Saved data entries
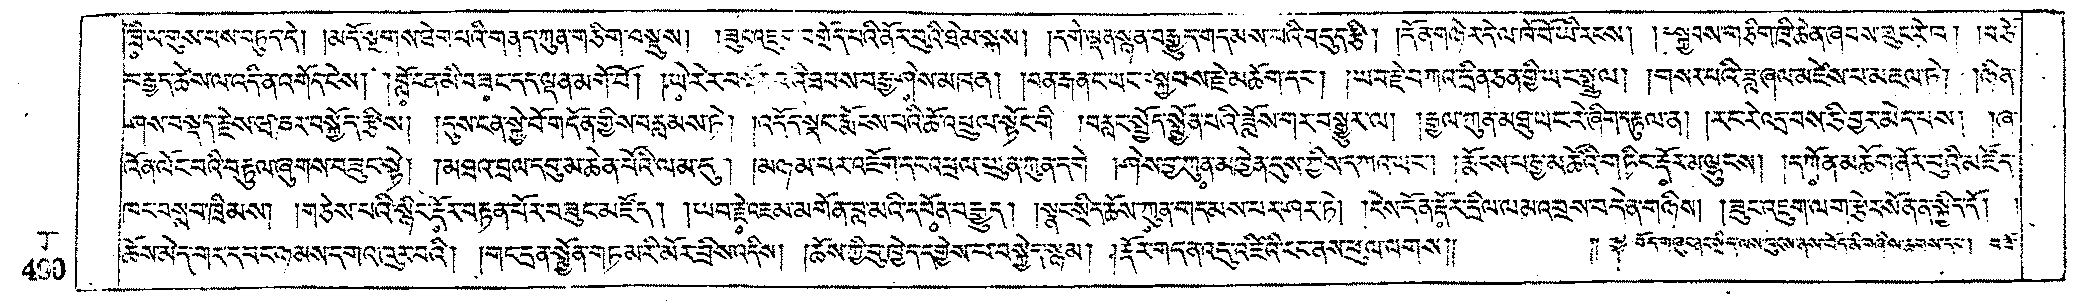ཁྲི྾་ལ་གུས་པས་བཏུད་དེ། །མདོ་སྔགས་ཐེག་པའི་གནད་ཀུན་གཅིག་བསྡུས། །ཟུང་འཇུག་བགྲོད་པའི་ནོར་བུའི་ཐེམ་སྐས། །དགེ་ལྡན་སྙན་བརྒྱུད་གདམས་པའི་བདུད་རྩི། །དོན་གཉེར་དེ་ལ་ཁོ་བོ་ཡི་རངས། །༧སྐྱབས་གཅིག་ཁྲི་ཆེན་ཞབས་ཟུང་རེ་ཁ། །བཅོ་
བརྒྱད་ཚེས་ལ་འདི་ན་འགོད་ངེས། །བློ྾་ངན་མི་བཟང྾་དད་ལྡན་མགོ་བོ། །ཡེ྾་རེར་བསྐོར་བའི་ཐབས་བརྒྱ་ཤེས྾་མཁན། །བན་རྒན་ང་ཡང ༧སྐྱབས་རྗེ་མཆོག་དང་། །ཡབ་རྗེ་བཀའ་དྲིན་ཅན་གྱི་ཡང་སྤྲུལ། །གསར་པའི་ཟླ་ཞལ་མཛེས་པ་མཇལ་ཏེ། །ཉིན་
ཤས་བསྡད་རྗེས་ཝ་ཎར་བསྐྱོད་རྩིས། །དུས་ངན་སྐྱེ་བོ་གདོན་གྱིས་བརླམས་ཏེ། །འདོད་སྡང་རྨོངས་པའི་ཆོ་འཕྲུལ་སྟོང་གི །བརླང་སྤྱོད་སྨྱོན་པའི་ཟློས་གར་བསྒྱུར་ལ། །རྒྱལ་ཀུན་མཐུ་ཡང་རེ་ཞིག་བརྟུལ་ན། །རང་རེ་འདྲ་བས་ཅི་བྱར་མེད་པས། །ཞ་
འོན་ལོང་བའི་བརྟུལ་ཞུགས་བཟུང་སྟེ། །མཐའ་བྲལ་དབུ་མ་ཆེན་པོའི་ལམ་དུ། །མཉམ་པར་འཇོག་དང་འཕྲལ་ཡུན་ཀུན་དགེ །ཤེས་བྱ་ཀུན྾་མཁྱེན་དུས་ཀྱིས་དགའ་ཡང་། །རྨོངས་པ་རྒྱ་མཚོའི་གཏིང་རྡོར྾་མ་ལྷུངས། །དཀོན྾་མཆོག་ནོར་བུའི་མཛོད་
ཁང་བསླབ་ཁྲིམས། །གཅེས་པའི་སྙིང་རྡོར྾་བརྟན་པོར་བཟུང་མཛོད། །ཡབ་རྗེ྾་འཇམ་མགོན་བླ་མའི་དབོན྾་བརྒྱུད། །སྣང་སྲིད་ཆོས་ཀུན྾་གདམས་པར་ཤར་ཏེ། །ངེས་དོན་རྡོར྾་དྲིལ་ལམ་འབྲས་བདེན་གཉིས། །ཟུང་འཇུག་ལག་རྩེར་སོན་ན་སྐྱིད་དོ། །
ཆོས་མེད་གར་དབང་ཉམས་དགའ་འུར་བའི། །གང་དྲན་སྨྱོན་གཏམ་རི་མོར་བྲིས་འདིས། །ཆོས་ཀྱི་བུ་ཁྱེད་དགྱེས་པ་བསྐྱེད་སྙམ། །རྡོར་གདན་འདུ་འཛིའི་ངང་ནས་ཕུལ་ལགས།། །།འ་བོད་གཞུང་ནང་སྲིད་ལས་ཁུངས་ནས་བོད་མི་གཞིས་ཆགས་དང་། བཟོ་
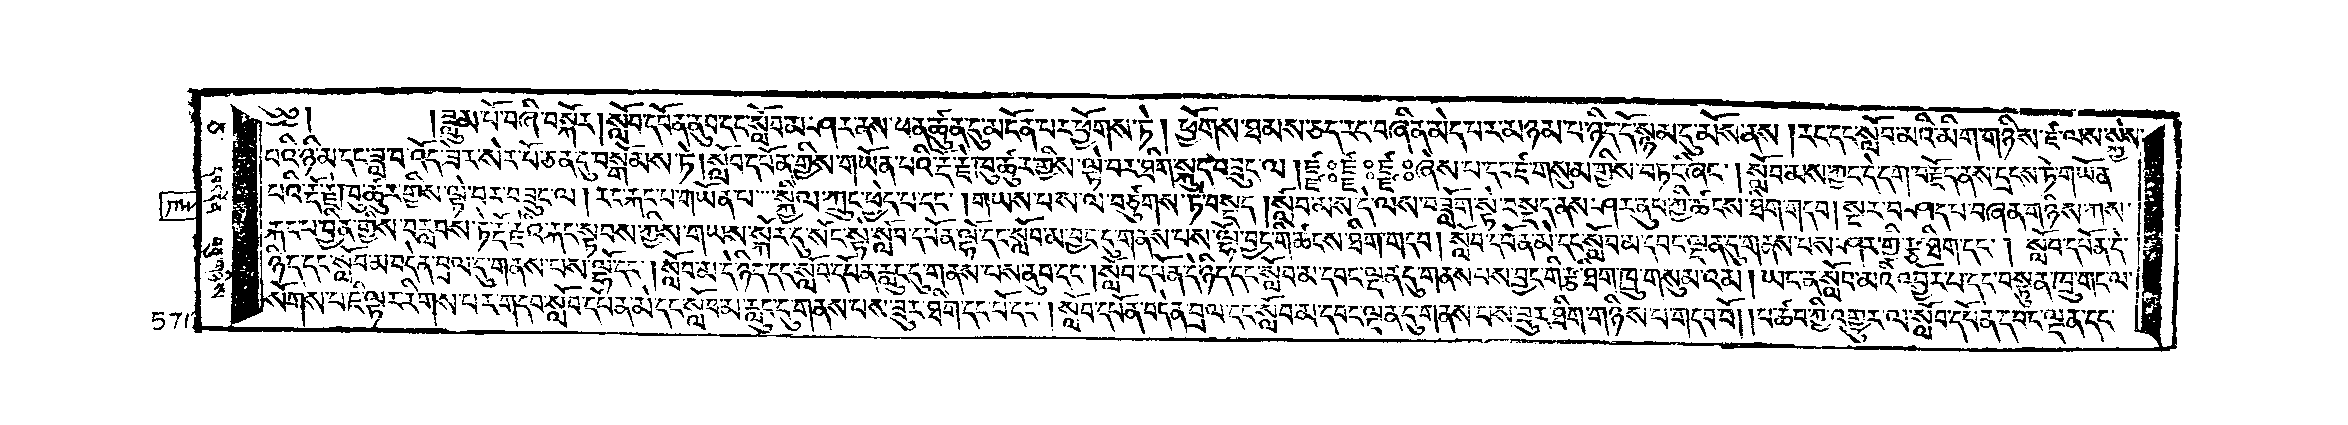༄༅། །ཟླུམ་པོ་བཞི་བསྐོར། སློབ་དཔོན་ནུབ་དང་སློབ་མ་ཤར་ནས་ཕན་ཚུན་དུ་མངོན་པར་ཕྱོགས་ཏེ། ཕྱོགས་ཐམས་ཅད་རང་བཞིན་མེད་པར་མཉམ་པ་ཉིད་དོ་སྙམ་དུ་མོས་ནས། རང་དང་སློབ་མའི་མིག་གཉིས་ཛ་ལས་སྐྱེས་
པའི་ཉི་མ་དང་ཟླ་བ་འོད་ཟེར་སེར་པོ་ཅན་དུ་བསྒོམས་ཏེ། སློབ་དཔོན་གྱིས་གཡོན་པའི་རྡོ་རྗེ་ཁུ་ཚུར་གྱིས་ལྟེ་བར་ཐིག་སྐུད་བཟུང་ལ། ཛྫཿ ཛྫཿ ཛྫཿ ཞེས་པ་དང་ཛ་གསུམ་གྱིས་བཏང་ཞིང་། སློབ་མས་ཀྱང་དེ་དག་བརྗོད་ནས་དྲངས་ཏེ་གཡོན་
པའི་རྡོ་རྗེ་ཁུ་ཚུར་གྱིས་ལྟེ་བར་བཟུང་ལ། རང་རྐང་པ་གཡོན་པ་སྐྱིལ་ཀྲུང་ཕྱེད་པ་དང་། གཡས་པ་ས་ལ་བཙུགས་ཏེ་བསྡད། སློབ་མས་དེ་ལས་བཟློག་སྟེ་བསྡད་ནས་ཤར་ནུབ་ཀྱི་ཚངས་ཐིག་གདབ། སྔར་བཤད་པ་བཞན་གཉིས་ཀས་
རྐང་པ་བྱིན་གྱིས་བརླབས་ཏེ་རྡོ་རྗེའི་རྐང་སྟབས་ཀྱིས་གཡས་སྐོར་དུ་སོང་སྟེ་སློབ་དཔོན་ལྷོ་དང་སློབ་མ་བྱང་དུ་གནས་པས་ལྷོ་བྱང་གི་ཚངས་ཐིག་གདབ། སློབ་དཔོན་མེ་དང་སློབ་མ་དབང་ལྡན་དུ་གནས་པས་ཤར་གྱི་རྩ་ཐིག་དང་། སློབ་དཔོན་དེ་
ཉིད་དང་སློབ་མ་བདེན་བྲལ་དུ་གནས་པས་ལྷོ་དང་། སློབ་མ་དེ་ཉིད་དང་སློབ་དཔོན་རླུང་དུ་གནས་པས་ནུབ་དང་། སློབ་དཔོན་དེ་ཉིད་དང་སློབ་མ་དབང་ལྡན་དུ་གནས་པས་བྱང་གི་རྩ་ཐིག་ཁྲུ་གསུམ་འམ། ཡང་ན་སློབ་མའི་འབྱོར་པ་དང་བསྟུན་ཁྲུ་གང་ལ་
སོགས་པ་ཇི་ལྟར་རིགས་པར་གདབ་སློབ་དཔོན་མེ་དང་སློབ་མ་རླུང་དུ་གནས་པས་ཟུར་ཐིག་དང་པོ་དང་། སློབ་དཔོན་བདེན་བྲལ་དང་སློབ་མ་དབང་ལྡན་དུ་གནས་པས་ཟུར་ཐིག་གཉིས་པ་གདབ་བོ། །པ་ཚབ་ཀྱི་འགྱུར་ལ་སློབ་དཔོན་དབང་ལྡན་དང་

## What is being asked
Give the entries back verbatim and omit the images.

## Answer to the problem
ཁྲི྾་ལ་གུས་པས་བཏུད་དེ། །མདོ་སྔགས་ཐེག་པའི་གནད་ཀུན་གཅིག་བསྡུས། །ཟུང་འཇུག་བགྲོད་པའི་ནོར་བུའི་ཐེམ་སྐས། །དགེ་ལྡན་སྙན་བརྒྱུད་གདམས་པའི་བདུད་རྩི། །དོན་གཉེར་དེ་ལ་ཁོ་བོ་ཡི་རངས། །༧སྐྱབས་གཅིག་ཁྲི་ཆེན་ཞབས་ཟུང་རེ་ཁ། །བཅོ་
བརྒྱད་ཚེས་ལ་འདི་ན་འགོད་ངེས། །བློ྾་ངན་མི་བཟང྾་དད་ལྡན་མགོ་བོ། །ཡེ྾་རེར་བསྐོར་བའི་ཐབས་བརྒྱ་ཤེས྾་མཁན། །བན་རྒན་ང་ཡང ༧སྐྱབས་རྗེ་མཆོག་དང་། །ཡབ་རྗེ་བཀའ་དྲིན་ཅན་གྱི་ཡང་སྤྲུལ། །གསར་པའི་ཟླ་ཞལ་མཛེས་པ་མཇལ་ཏེ། །ཉིན་
ཤས་བསྡད་རྗེས་ཝ་ཎར་བསྐྱོད་རྩིས། །དུས་ངན་སྐྱེ་བོ་གདོན་གྱིས་བརླམས་ཏེ། །འདོད་སྡང་རྨོངས་པའི་ཆོ་འཕྲུལ་སྟོང་གི །བརླང་སྤྱོད་སྨྱོན་པའི་ཟློས་གར་བསྒྱུར་ལ། །རྒྱལ་ཀུན་མཐུ་ཡང་རེ་ཞིག་བརྟུལ་ན། །རང་རེ་འདྲ་བས་ཅི་བྱར་མེད་པས། །ཞ་
འོན་ལོང་བའི་བརྟུལ་ཞུགས་བཟུང་སྟེ། །མཐའ་བྲལ་དབུ་མ་ཆེན་པོའི་ལམ་དུ། །མཉམ་པར་འཇོག་དང་འཕྲལ་ཡུན་ཀུན་དགེ །ཤེས་བྱ་ཀུན྾་མཁྱེན་དུས་ཀྱིས་དགའ་ཡང་། །རྨོངས་པ་རྒྱ་མཚོའི་གཏིང་རྡོར྾་མ་ལྷུངས། །དཀོན྾་མཆོག་ནོར་བུའི་མཛོད་
ཁང་བསླབ་ཁྲིམས། །གཅེས་པའི་སྙིང་རྡོར྾་བརྟན་པོར་བཟུང་མཛོད། །ཡབ་རྗེ྾་འཇམ་མགོན་བླ་མའི་དབོན྾་བརྒྱུད། །སྣང་སྲིད་ཆོས་ཀུན྾་གདམས་པར་ཤར་ཏེ། །ངེས་དོན་རྡོར྾་དྲིལ་ལམ་འབྲས་བདེན་གཉིས། །ཟུང་འཇུག་ལག་རྩེར་སོན་ན་སྐྱིད་དོ། །
ཆོས་མེད་གར་དབང་ཉམས་དགའ་འུར་བའི། །གང་དྲན་སྨྱོན་གཏམ་རི་མོར་བྲིས་འདིས། །ཆོས་ཀྱི་བུ་ཁྱེད་དགྱེས་པ་བསྐྱེད་སྙམ། །རྡོར་གདན་འདུ་འཛིའི་ངང་ནས་ཕུལ་ལགས།། །།འ་བོད་གཞུང་ནང་སྲིད་ལས་ཁུངས་ནས་བོད་མི་གཞིས་ཆགས་དང་། བཟོ་
༄༅། །ཟླུམ་པོ་བཞི་བསྐོར། སློབ་དཔོན་ནུབ་དང་སློབ་མ་ཤར་ནས་ཕན་ཚུན་དུ་མངོན་པར་ཕྱོགས་ཏེ། ཕྱོགས་ཐམས་ཅད་རང་བཞིན་མེད་པར་མཉམ་པ་ཉིད་དོ་སྙམ་དུ་མོས་ནས། རང་དང་སློབ་མའི་མིག་གཉིས་ཛ་ལས་སྐྱེས་
པའི་ཉི་མ་དང་ཟླ་བ་འོད་ཟེར་སེར་པོ་ཅན་དུ་བསྒོམས་ཏེ། སློབ་དཔོན་གྱིས་གཡོན་པའི་རྡོ་རྗེ་ཁུ་ཚུར་གྱིས་ལྟེ་བར་ཐིག་སྐུད་བཟུང་ལ། ཛྫཿ ཛྫཿ ཛྫཿ ཞེས་པ་དང་ཛ་གསུམ་གྱིས་བཏང་ཞིང་། སློབ་མས་ཀྱང་དེ་དག་བརྗོད་ནས་དྲངས་ཏེ་གཡོན་
པའི་རྡོ་རྗེ་ཁུ་ཚུར་གྱིས་ལྟེ་བར་བཟུང་ལ། རང་རྐང་པ་གཡོན་པ་སྐྱིལ་ཀྲུང་ཕྱེད་པ་དང་། གཡས་པ་ས་ལ་བཙུགས་ཏེ་བསྡད། སློབ་མས་དེ་ལས་བཟློག་སྟེ་བསྡད་ནས་ཤར་ནུབ་ཀྱི་ཚངས་ཐིག་གདབ། སྔར་བཤད་པ་བཞན་གཉིས་ཀས་
རྐང་པ་བྱིན་གྱིས་བརླབས་ཏེ་རྡོ་རྗེའི་རྐང་སྟབས་ཀྱིས་གཡས་སྐོར་དུ་སོང་སྟེ་སློབ་དཔོན་ལྷོ་དང་སློབ་མ་བྱང་དུ་གནས་པས་ལྷོ་བྱང་གི་ཚངས་ཐིག་གདབ། སློབ་དཔོན་མེ་དང་སློབ་མ་དབང་ལྡན་དུ་གནས་པས་ཤར་གྱི་རྩ་ཐིག་དང་། སློབ་དཔོན་དེ་
ཉིད་དང་སློབ་མ་བདེན་བྲལ་དུ་གནས་པས་ལྷོ་དང་། སློབ་མ་དེ་ཉིད་དང་སློབ་དཔོན་རླུང་དུ་གནས་པས་ནུབ་དང་། སློབ་དཔོན་དེ་ཉིད་དང་སློབ་མ་དབང་ལྡན་དུ་གནས་པས་བྱང་གི་རྩ་ཐིག་ཁྲུ་གསུམ་འམ། ཡང་ན་སློབ་མའི་འབྱོར་པ་དང་བསྟུན་ཁྲུ་གང་ལ་
སོགས་པ་ཇི་ལྟར་རིགས་པར་གདབ་སློབ་དཔོན་མེ་དང་སློབ་མ་རླུང་དུ་གནས་པས་ཟུར་ཐིག་དང་པོ་དང་། སློབ་དཔོན་བདེན་བྲལ་དང་སློབ་མ་དབང་ལྡན་དུ་གནས་པས་ཟུར་ཐིག་གཉིས་པ་གདབ་བོ། །པ་ཚབ་ཀྱི་འགྱུར་ལ་སློབ་དཔོན་དབང་ལྡན་དང་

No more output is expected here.